In record time, the company’s name has jumped from relative obscurity to become one of an elite few firms that has become its own verb.

If you work in an office but now work from home, jumping on a Zoom call has probably become a regular part of your day.

The basic product appears similar to other options available like Microsoft Teams or Google Hangouts.

But, unlike some of its competitors, it’s equally intuitive to use both for big corporate meetings and family catch-ups.

Its breadth of appeal may be down to the fact that he company has focused everything on making a product that just works. Zoom says it dedicates a fifth of its engineering staff to building changes that users say they want to see.

Undoubtedly Zoom’s main attraction when countries rapidly went into lockdown in March was that it lets people conduct meetings of up to 100 people for free.

It meant that many organisations saw it as the default option when the pandemic hit and millions of people were ordered to work from home. People tried it, quickly learned to see it as invaluable and chose to subscribe.

It’s the standard "freemium" model that thousands of apps rely on: offering basic services for free and then charging for extras.

What has added to Zoom's success is that office workers who used it then went home told friends and family, who they weren’t allowed to meet, to use Zoom to stay in touch. This is the so-called network effect that apps from Monzo to Facebook strive for. The more people sign up, the more useful the product is to other people, so they join too. It requires momentum and once it reaches a critical mass it gathers pace quickly.

While there is an element of being in the right place at the right time, it would be unfair to put Zoom’s success down to serendipity.

The company has navigated tumultuous times impressively, scaling up its capacity to deal with a phenomenal surge in demand.

When Covid-19 hit, Zoom founder and CEO Eric Yuan, who helped build video conferencing pioneer WebEx in the late 1990s, shifted all engineering resources to focus on reliability and capacity.

There have been problems, including several occasions where the service has been down and concerns over privacy after it became clear how easy it was to eavesdrop on meetings (the company says it’s now tightened security).

But overall, Zoom has coped, and proved itself able to compete with the huge resources of Microsoft and Google.

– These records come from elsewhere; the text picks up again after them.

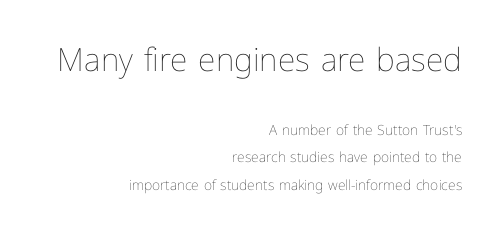
The image shows 32 px thin type, upright; set right-aligned, loose line spacing (1.95x), normal letter spacing, not underlined; the first (top) block is 2.29x larger; low stroke contrast and a medium x-height.
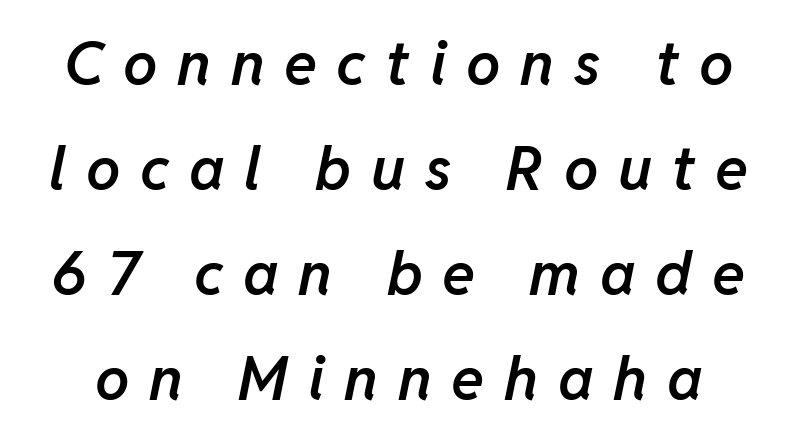
Stems and bowls a touch heavier than normal — semibold. This sample uses an oblique cut, with every glyph tilted off the vertical. Spacing verdict: proportional, widths tailored to each character. Has an underline been added? It has not. The face used here is rendered with a markedly widened letterfit.
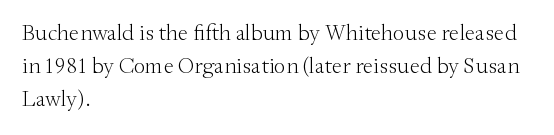
Q: Is the text bold? A: No.
Q: Is the text italic (slanted)? A: No, it is upright.
Q: Is the text underlined? A: No.
Q: How is the paragraph aligned? A: Left-aligned.
Q: Is the spacing between letters normal or unusually wide? A: Normal.
Q: Is the spacing between lines tight, normal or loose? A: Normal.
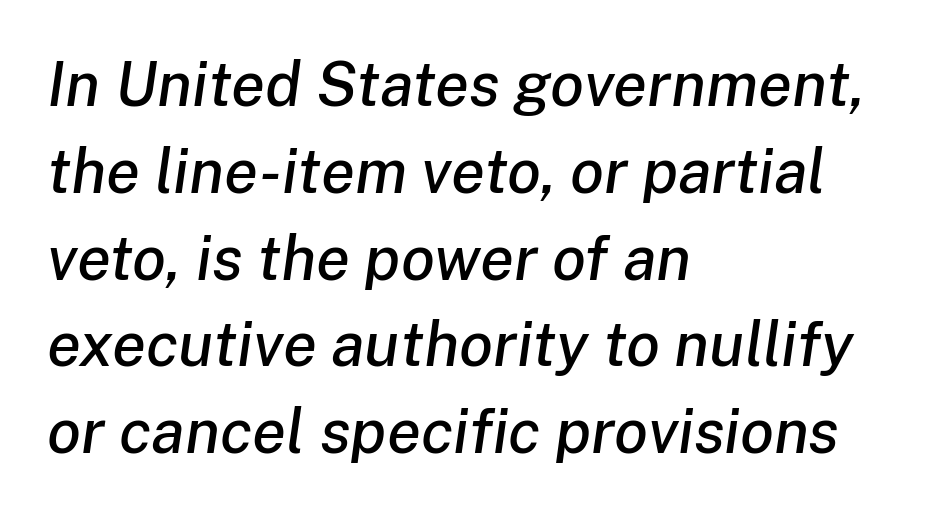
Rows of type keep a routine distance in the vertical direction. Here the glyphs are tracked normally, forming tight word shapes. Line starts are locked; line ends wander. The face used here is proportionally spaced, like ordinary book or web type. Looking at the ascenders, they clearly lean.
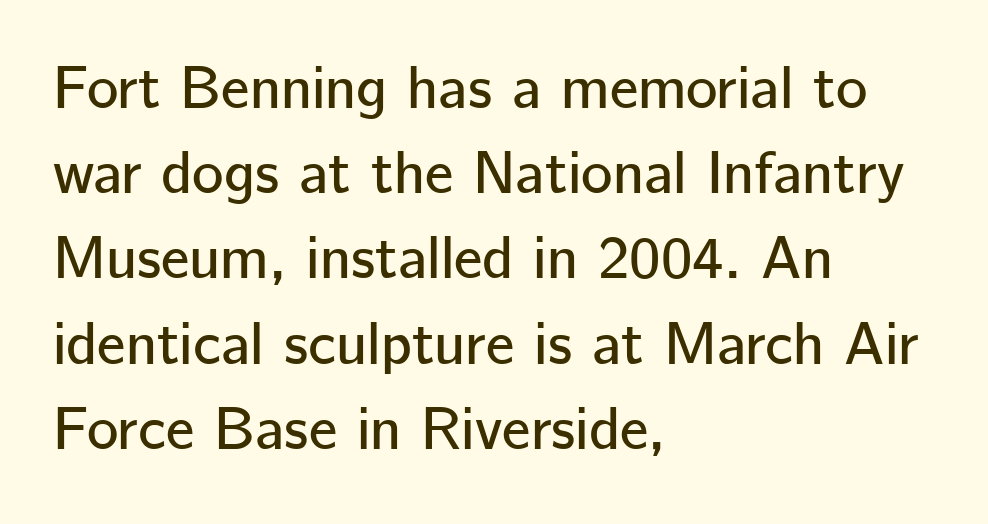
{"serif": "no", "italic": "no", "width": "normal", "stroke_contrast": "low", "x_height": "medium", "monospaced": "no", "underline": "no", "align": "left", "line_spacing": "normal", "line_spacing_ratio": 1.42, "letter_spacing": "normal", "letter_spacing_em": 0.0, "glyph_px": 60}
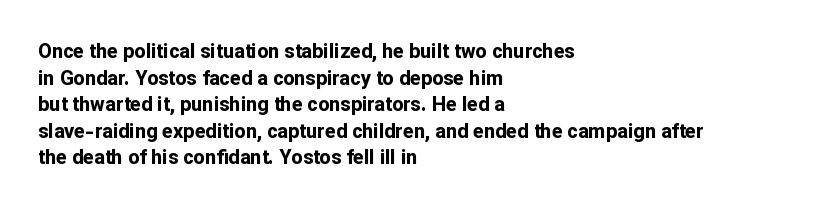
{"italic": "no", "bold": "yes", "underline": "no", "align": "left", "line_spacing": "normal", "line_spacing_ratio": 1.33, "letter_spacing": "normal", "letter_spacing_em": 0.0, "glyph_px": 20}
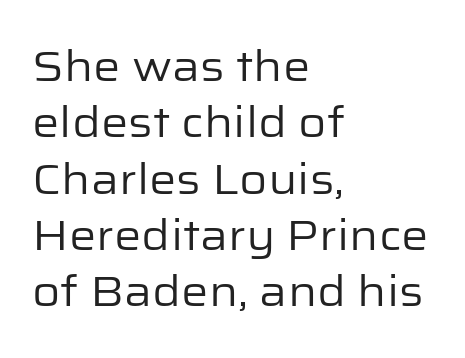
The image shows 43 px regular-weight sans-serif type, upright; set left-aligned, normal line spacing (1.31x), normal letter spacing, not underlined; low stroke contrast and a medium x-height.
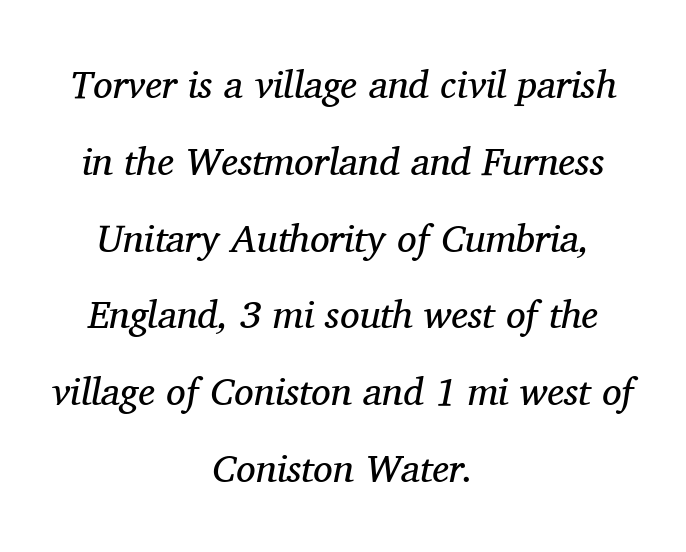
Q: Is the text bold? A: No.
Q: Is the text italic (slanted)? A: Yes, it leans right by about 11 degrees.
Q: Is the typeface a serif or a sans-serif typeface? A: Serif.
Q: Is the text underlined? A: No.
Q: How is the paragraph aligned? A: Centered.
Q: Is the spacing between letters normal or unusually wide? A: Normal.
Q: Is the spacing between lines tight, normal or loose? A: Loose.
Q: Width (condensed, normal, or wide)? A: Normal.
Q: Stroke contrast? A: Medium.
Q: x-height? A: Medium.
Q: Monospaced? A: No.
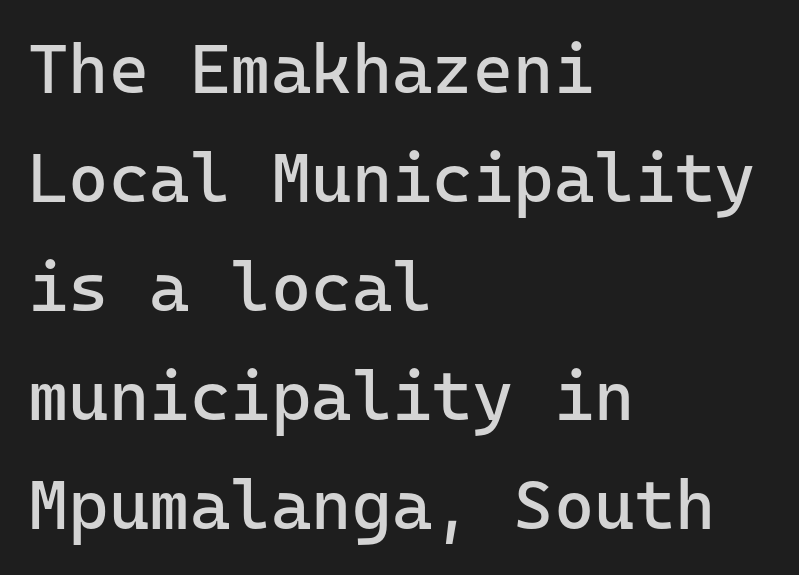
The image shows 69 px regular-weight sans-serif type, upright; set left-aligned, normal line spacing (1.58x), normal letter spacing, not underlined; low stroke contrast and a medium x-height.
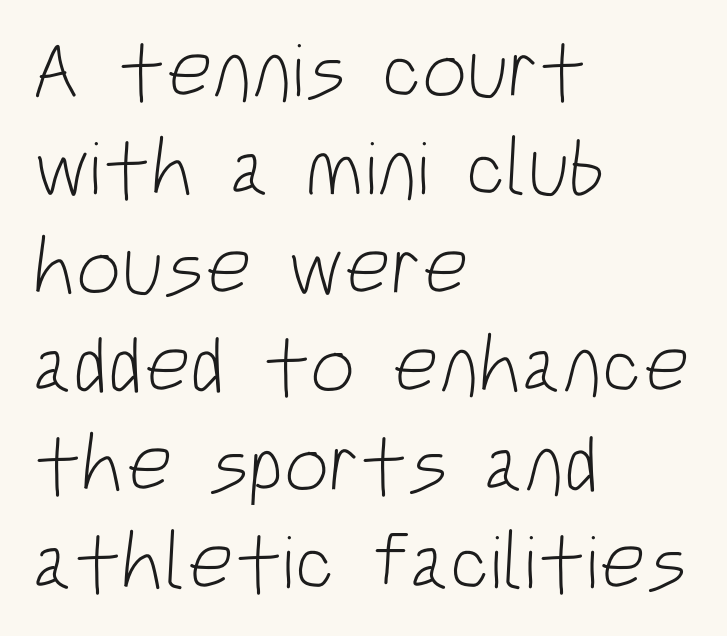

The company is also well-run. That might sound like an obvious ingredient for success but it’s by no means a pre-requisite for a founder to become very rich from a Silicon Valley start-up.

The list of multi-billion dollar tech “unicorns” which have never turned a profit – and might not ever do so – is long and growing.

An all-too-familiar business model seems to be: generate vast amounts of hype about an average product, convince venture capital funds to invest, put competitors out of business by undercutting them while eating up vast sums of other people’s money, begin to enjoy the trappings of success – perhaps a corporate jet, some lavish entertainment - generate some more hype, make hundreds of millions of dollars by selling shares to the public.

Zoom, by contrast, was in the black last year, generating $25.3m profit. It’s accounts show it had $855m in cash as of 31 January, meaning it entered the pandemic in a strong position.

Since then, it’s quickly established itself not just as an important office tool but one for socialising and learning.

Its credentials in the education world were boosted by the savvy decision to offer its services for free to US schools and colleges without limitations on meeting sizes.

The big question now is whether it can maintain its success as life goes back to something approaching normal. With more and more indications that the pandemic will have a long-lasting impact on the way we live and work, Zoom seems likely to go from strength to strength.